Transcribe the records word for word. Leave every picture out.

## Input for this task

*** Begin section ***

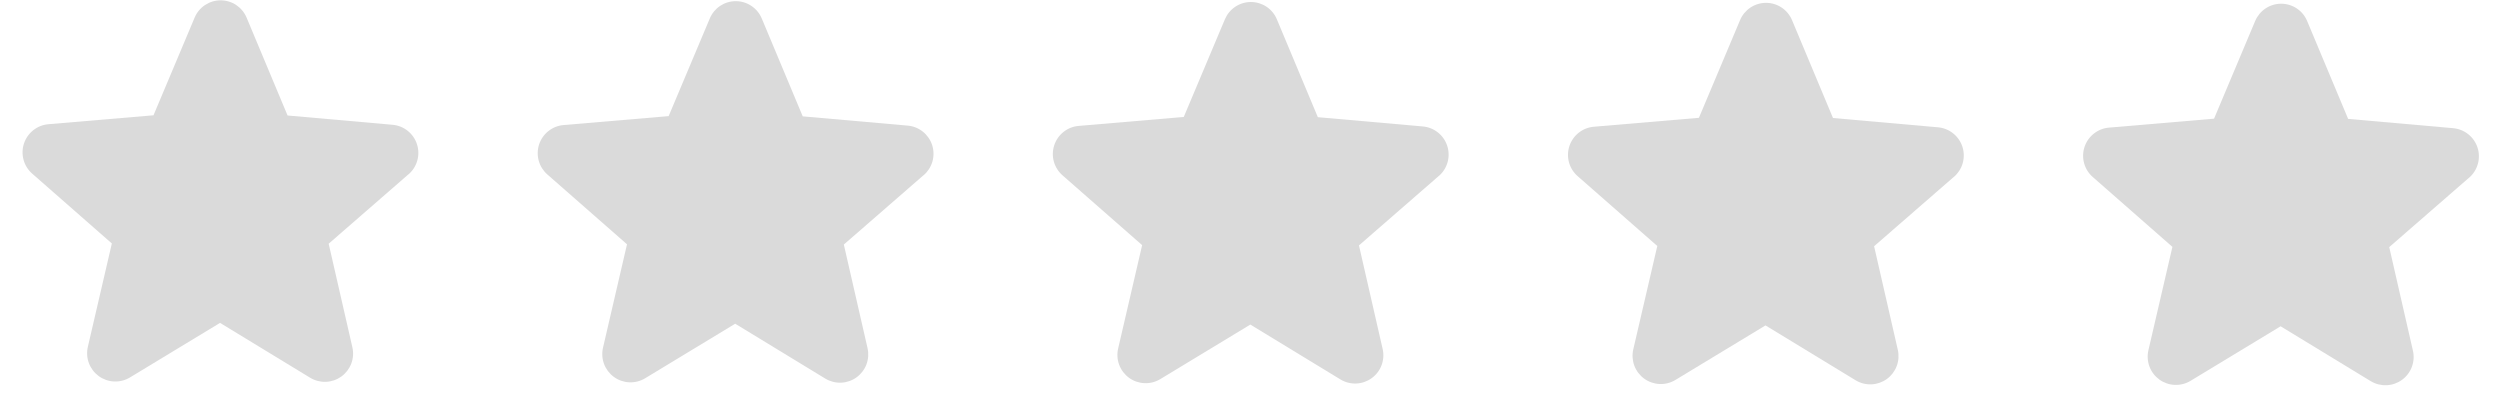 <svg width="111" height="18" viewBox="0 0 111 18" fill="none" xmlns="http://www.w3.org/2000/svg">
<path d="M18.134 7.741L14.593 10.821L15.645 15.417C15.7 15.657 15.684 15.908 15.598 16.139C15.511 16.37 15.358 16.571 15.159 16.716C14.959 16.86 14.721 16.943 14.475 16.953C14.228 16.963 13.984 16.901 13.773 16.773L9.77 14.336L5.768 16.76C5.557 16.887 5.312 16.949 5.066 16.938C4.82 16.927 4.582 16.843 4.383 16.698C4.184 16.552 4.032 16.352 3.946 16.12C3.86 15.889 3.845 15.638 3.901 15.398L4.966 10.81L1.435 7.714C1.248 7.552 1.113 7.339 1.047 7.101C0.981 6.863 0.986 6.61 1.063 6.376C1.14 6.141 1.284 5.934 1.478 5.781C1.672 5.628 1.906 5.535 2.153 5.515L6.815 5.119L8.642 0.781C8.737 0.554 8.898 0.36 9.103 0.223C9.309 0.087 9.55 0.014 9.797 0.014C10.044 0.015 10.285 0.088 10.49 0.225C10.695 0.363 10.855 0.557 10.95 0.785L12.768 5.128L17.427 5.54C17.673 5.561 17.908 5.654 18.101 5.808C18.294 5.962 18.438 6.169 18.514 6.404C18.59 6.639 18.595 6.892 18.528 7.129C18.461 7.367 18.325 7.58 18.138 7.741L18.134 7.741Z" fill="#DADADA"/>
<path d="M41.007 7.778L37.466 10.858L38.518 15.454C38.573 15.694 38.557 15.946 38.471 16.177C38.384 16.408 38.231 16.608 38.032 16.753C37.832 16.898 37.594 16.98 37.348 16.991C37.101 17.001 36.858 16.938 36.646 16.811L32.643 14.373L28.641 16.797C28.43 16.924 28.185 16.986 27.939 16.975C27.693 16.964 27.455 16.881 27.256 16.735C27.057 16.59 26.905 16.389 26.819 16.158C26.733 15.926 26.718 15.675 26.774 15.435L27.839 10.847L24.308 7.751C24.121 7.589 23.986 7.376 23.92 7.138C23.854 6.9 23.86 6.648 23.936 6.413C24.013 6.178 24.157 5.971 24.351 5.818C24.545 5.665 24.779 5.572 25.026 5.552L29.688 5.156L31.515 0.819C31.61 0.591 31.771 0.397 31.976 0.26C32.182 0.124 32.423 0.051 32.67 0.052C32.917 0.052 33.158 0.125 33.363 0.263C33.568 0.4 33.728 0.595 33.823 0.822L35.641 5.166L40.3 5.577C40.546 5.598 40.781 5.691 40.974 5.845C41.167 5.999 41.311 6.206 41.387 6.441C41.463 6.676 41.468 6.929 41.401 7.167C41.334 7.404 41.198 7.617 41.011 7.778L41.007 7.778Z" fill="#DADADA"/>
<path d="M63.879 7.816L60.338 10.896L61.389 15.492C61.445 15.732 61.428 15.983 61.342 16.214C61.256 16.445 61.103 16.645 60.903 16.79C60.704 16.935 60.466 17.018 60.219 17.028C59.973 17.038 59.729 16.976 59.518 16.848L55.515 14.411L51.513 16.835C51.301 16.962 51.057 17.024 50.811 17.012C50.564 17.002 50.327 16.918 50.127 16.773C49.928 16.627 49.776 16.426 49.691 16.195C49.605 15.964 49.589 15.712 49.646 15.472L50.711 10.884L47.179 7.788C46.993 7.627 46.858 7.413 46.791 7.175C46.725 6.937 46.731 6.685 46.808 6.45C46.884 6.216 47.029 6.009 47.222 5.855C47.416 5.702 47.651 5.61 47.897 5.59L52.559 5.193L54.386 0.856C54.482 0.629 54.642 0.434 54.848 0.298C55.053 0.161 55.295 0.089 55.541 0.089C55.788 0.089 56.029 0.163 56.235 0.3C56.44 0.437 56.6 0.632 56.694 0.86L58.512 5.203L63.172 5.614C63.418 5.636 63.652 5.729 63.846 5.883C64.039 6.036 64.183 6.244 64.258 6.479C64.334 6.714 64.339 6.966 64.272 7.204C64.205 7.442 64.07 7.655 63.882 7.816L63.879 7.816Z" fill="#DADADA"/>
<path d="M86.751 7.853L83.21 10.933L84.262 15.529C84.317 15.769 84.301 16.02 84.215 16.251C84.128 16.482 83.976 16.683 83.776 16.828C83.576 16.972 83.338 17.055 83.092 17.065C82.846 17.075 82.602 17.013 82.391 16.885L78.388 14.448L74.385 16.872C74.174 16.999 73.93 17.061 73.683 17.05C73.437 17.039 73.199 16.955 73 16.81C72.801 16.665 72.649 16.464 72.563 16.232C72.478 16.001 72.462 15.75 72.518 15.51L73.584 10.922L70.052 7.825C69.865 7.664 69.73 7.451 69.664 7.213C69.598 6.975 69.604 6.722 69.68 6.488C69.757 6.253 69.901 6.046 70.095 5.893C70.289 5.74 70.524 5.647 70.77 5.627L75.432 5.231L77.259 0.893C77.354 0.666 77.515 0.472 77.72 0.335C77.926 0.199 78.167 0.126 78.414 0.126C78.661 0.127 78.902 0.2 79.107 0.337C79.312 0.474 79.472 0.669 79.567 0.897L81.385 5.24L86.044 5.652C86.29 5.673 86.525 5.766 86.718 5.92C86.912 6.074 87.055 6.281 87.131 6.516C87.207 6.751 87.212 7.003 87.145 7.241C87.078 7.479 86.942 7.692 86.755 7.853L86.751 7.853Z" fill="#DADADA"/>
<path d="M109.623 7.892L106.082 10.972L107.133 15.568C107.189 15.808 107.173 16.059 107.086 16.29C107 16.521 106.847 16.722 106.648 16.866C106.448 17.011 106.21 17.094 105.964 17.104C105.717 17.114 105.473 17.052 105.262 16.924L101.259 14.487L97.257 16.911C97.045 17.038 96.801 17.1 96.555 17.089C96.308 17.078 96.071 16.994 95.871 16.849C95.672 16.703 95.52 16.503 95.435 16.271C95.349 16.04 95.334 15.789 95.39 15.548L96.455 10.961L92.924 7.864C92.737 7.703 92.602 7.49 92.536 7.252C92.47 7.014 92.475 6.761 92.552 6.526C92.629 6.292 92.773 6.085 92.967 5.932C93.16 5.778 93.395 5.686 93.641 5.666L98.304 5.269L100.13 0.932C100.226 0.705 100.386 0.51 100.592 0.374C100.798 0.237 101.039 0.165 101.286 0.165C101.532 0.166 101.774 0.239 101.979 0.376C102.184 0.513 102.344 0.708 102.438 0.936L104.257 5.279L108.916 5.691C109.162 5.712 109.396 5.805 109.59 5.959C109.783 6.113 109.927 6.32 110.003 6.555C110.078 6.79 110.083 7.042 110.016 7.28C109.949 7.518 109.814 7.731 109.627 7.892L109.623 7.892Z" fill="#DADADA"/>
</svg>

*** End section ***

## Output of the exercise
 <svg width="111" height="18" viewBox="0 0 111 18" fill="none" xmlns="http://www.w3.org/2000/svg">
<path d="M18.134 7.741L14.593 10.821L15.645 15.417C15.7 15.657 15.684 15.908 15.598 16.139C15.511 16.37 15.358 16.571 15.159 16.716C14.959 16.86 14.721 16.943 14.475 16.953C14.228 16.963 13.984 16.901 13.773 16.773L9.77 14.336L5.768 16.76C5.557 16.887 5.312 16.949 5.066 16.938C4.82 16.927 4.582 16.843 4.383 16.698C4.184 16.552 4.032 16.352 3.946 16.12C3.86 15.889 3.845 15.638 3.901 15.398L4.966 10.81L1.435 7.714C1.248 7.552 1.113 7.339 1.047 7.101C0.981 6.863 0.986 6.61 1.063 6.376C1.14 6.141 1.284 5.934 1.478 5.781C1.672 5.628 1.906 5.535 2.153 5.515L6.815 5.119L8.642 0.781C8.737 0.554 8.898 0.36 9.103 0.223C9.309 0.087 9.55 0.014 9.797 0.014C10.044 0.015 10.285 0.088 10.49 0.225C10.695 0.363 10.855 0.557 10.95 0.785L12.768 5.128L17.427 5.54C17.673 5.561 17.908 5.654 18.101 5.808C18.294 5.962 18.438 6.169 18.514 6.404C18.59 6.639 18.595 6.892 18.528 7.129C18.461 7.367 18.325 7.58 18.138 7.741L18.134 7.741Z" fill="#DADADA"/>
<path d="M41.007 7.778L37.466 10.858L38.518 15.454C38.573 15.694 38.557 15.946 38.471 16.177C38.384 16.408 38.231 16.608 38.032 16.753C37.832 16.898 37.594 16.98 37.348 16.991C37.101 17.001 36.858 16.938 36.646 16.811L32.643 14.373L28.641 16.797C28.43 16.924 28.185 16.986 27.939 16.975C27.693 16.964 27.455 16.881 27.256 16.735C27.057 16.59 26.905 16.389 26.819 16.158C26.733 15.926 26.718 15.675 26.774 15.435L27.839 10.847L24.308 7.751C24.121 7.589 23.986 7.376 23.92 7.138C23.854 6.9 23.86 6.648 23.936 6.413C24.013 6.178 24.157 5.971 24.351 5.818C24.545 5.665 24.779 5.572 25.026 5.552L29.688 5.156L31.515 0.819C31.61 0.591 31.771 0.397 31.976 0.26C32.182 0.124 32.423 0.051 32.67 0.052C32.917 0.052 33.158 0.125 33.363 0.263C33.568 0.4 33.728 0.595 33.823 0.822L35.641 5.166L40.3 5.577C40.546 5.598 40.781 5.691 40.974 5.845C41.167 5.999 41.311 6.206 41.387 6.441C41.463 6.676 41.468 6.929 41.401 7.167C41.334 7.404 41.198 7.617 41.011 7.778L41.007 7.778Z" fill="#DADADA"/>
<path d="M63.879 7.816L60.338 10.896L61.389 15.492C61.445 15.732 61.428 15.983 61.342 16.214C61.256 16.445 61.103 16.645 60.903 16.79C60.704 16.935 60.466 17.018 60.219 17.028C59.973 17.038 59.729 16.976 59.518 16.848L55.515 14.411L51.513 16.835C51.301 16.962 51.057 17.024 50.811 17.012C50.564 17.002 50.327 16.918 50.127 16.773C49.928 16.627 49.776 16.426 49.691 16.195C49.605 15.964 49.589 15.712 49.646 15.472L50.711 10.884L47.179 7.788C46.993 7.627 46.858 7.413 46.791 7.175C46.725 6.937 46.731 6.685 46.808 6.45C46.884 6.216 47.029 6.009 47.222 5.855C47.416 5.702 47.651 5.61 47.897 5.59L52.559 5.193L54.386 0.856C54.482 0.629 54.642 0.434 54.848 0.298C55.053 0.161 55.295 0.089 55.541 0.089C55.788 0.089 56.029 0.163 56.235 0.3C56.44 0.437 56.6 0.632 56.694 0.86L58.512 5.203L63.172 5.614C63.418 5.636 63.652 5.729 63.846 5.883C64.039 6.036 64.183 6.244 64.258 6.479C64.334 6.714 64.339 6.966 64.272 7.204C64.205 7.442 64.07 7.655 63.882 7.816L63.879 7.816Z" fill="#DADADA"/>
<path d="M86.751 7.853L83.21 10.933L84.262 15.529C84.317 15.769 84.301 16.02 84.215 16.251C84.128 16.482 83.976 16.683 83.776 16.828C83.576 16.972 83.338 17.055 83.092 17.065C82.846 17.075 82.602 17.013 82.391 16.885L78.388 14.448L74.385 16.872C74.174 16.999 73.93 17.061 73.683 17.05C73.437 17.039 73.199 16.955 73 16.81C72.801 16.665 72.649 16.464 72.563 16.232C72.478 16.001 72.462 15.75 72.518 15.51L73.584 10.922L70.052 7.825C69.865 7.664 69.73 7.451 69.664 7.213C69.598 6.975 69.604 6.722 69.68 6.488C69.757 6.253 69.901 6.046 70.095 5.893C70.289 5.74 70.524 5.647 70.77 5.627L75.432 5.231L77.259 0.893C77.354 0.666 77.515 0.472 77.72 0.335C77.926 0.199 78.167 0.126 78.414 0.126C78.661 0.127 78.902 0.2 79.107 0.337C79.312 0.474 79.472 0.669 79.567 0.897L81.385 5.24L86.044 5.652C86.29 5.673 86.525 5.766 86.718 5.92C86.912 6.074 87.055 6.281 87.131 6.516C87.207 6.751 87.212 7.003 87.145 7.241C87.078 7.479 86.942 7.692 86.755 7.853L86.751 7.853Z" fill="#DADADA"/>
<path d="M109.623 7.892L106.082 10.972L107.133 15.568C107.189 15.808 107.173 16.059 107.086 16.29C107 16.521 106.847 16.722 106.648 16.866C106.448 17.011 106.21 17.094 105.964 17.104C105.717 17.114 105.473 17.052 105.262 16.924L101.259 14.487L97.257 16.911C97.045 17.038 96.801 17.1 96.555 17.089C96.308 17.078 96.071 16.994 95.871 16.849C95.672 16.703 95.52 16.503 95.435 16.271C95.349 16.04 95.334 15.789 95.39 15.548L96.455 10.961L92.924 7.864C92.737 7.703 92.602 7.49 92.536 7.252C92.47 7.014 92.475 6.761 92.552 6.526C92.629 6.292 92.773 6.085 92.967 5.932C93.16 5.778 93.395 5.686 93.641 5.666L98.304 5.269L100.13 0.932C100.226 0.705 100.386 0.51 100.592 0.374C100.798 0.237 101.039 0.165 101.286 0.165C101.532 0.166 101.774 0.239 101.979 0.376C102.184 0.513 102.344 0.708 102.438 0.936L104.257 5.279L108.916 5.691C109.162 5.712 109.396 5.805 109.59 5.959C109.783 6.113 109.927 6.32 110.003 6.555C110.078 6.79 110.083 7.042 110.016 7.28C109.949 7.518 109.814 7.731 109.627 7.892L109.623 7.892Z" fill="#DADADA"/>
</svg>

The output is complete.